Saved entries
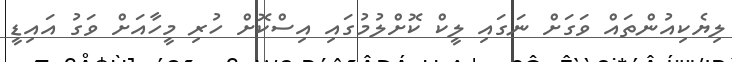
ލިޔެކިއުންތައް ވަގަށް ނަގައި ލީކް ކޮށްލުމުގައި އިސްކޮށް ހުރި މީހާއަށް ވަގު އައިޑީ
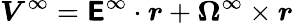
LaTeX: \boldsymbol{V}^{\infty}=\boldsymbol{\mathsf{E}}^{\infty}\cdot\boldsymbol{r}+\boldsymbol{\Omega}^{\infty}\times\boldsymbol{r}
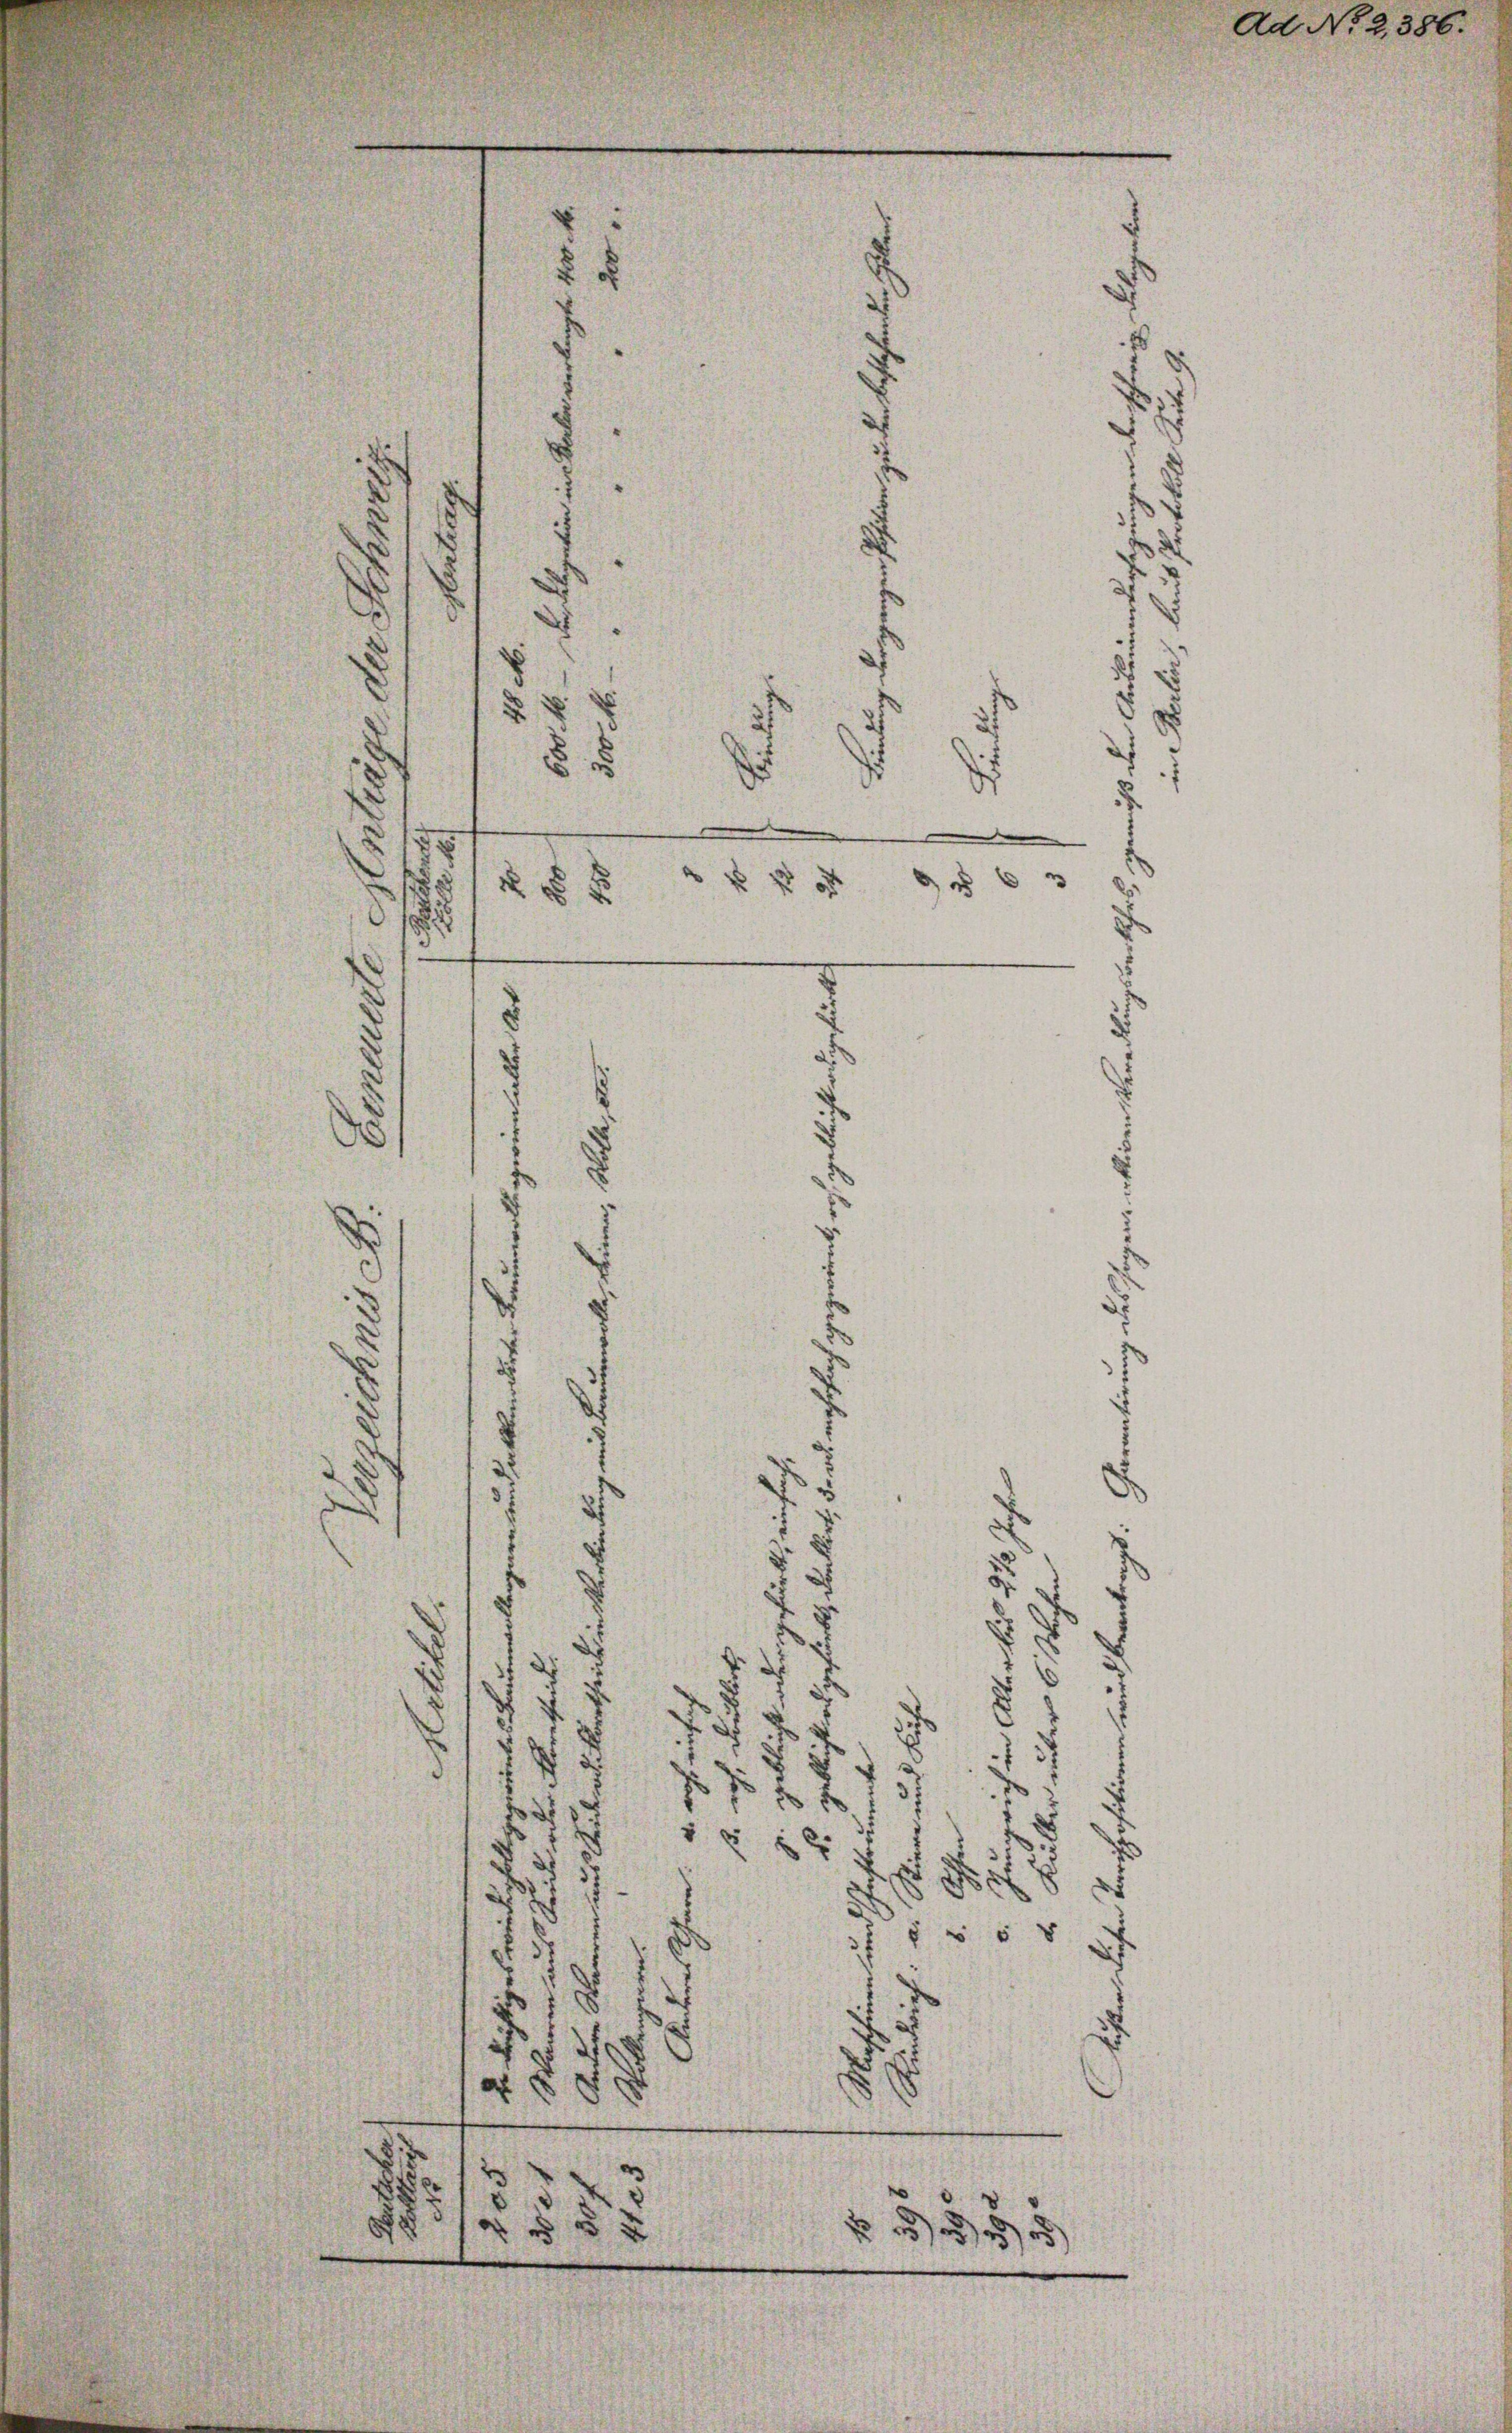
1
e
d
.
e

.
 f 0
 63
f 5 x

u
d

.
8
d
e
3
7
1
d
5
u
2
2
d

1
 d
d
35
u
s
.
.
d
u
x
5 x
e
f
d
d
d
ich
d
u
8
e
 n e g

d

s

Ad No 2, 386.

- [Problem details] Copy the entries exactly. No pictures.

- [Solution to this exercise]
ލިޔެކިއުންތައް ވަގަށް ނަގައި ލީކް ކޮށްލުމުގައި އިސްކޮށް ހުރި މީހާއަށް ވަގު އައިޑީ
LaTeX: \boldsymbol{V}^{\infty}=\boldsymbol{\mathsf{E}}^{\infty}\cdot\boldsymbol{r}+\boldsymbol{\Omega}^{\infty}\times\boldsymbol{r}
1
e
d
.
e

.
 f 0
 63
f 5 x

u
d

.
8
d
e
3
7
1
d
5
u
2
2
d

1
 d
d
35
u
s
.
.
d
u
x
5 x
e
f
d
d
d
ich
d
u
8
e
 n e g

d

s

Ad No 2, 386.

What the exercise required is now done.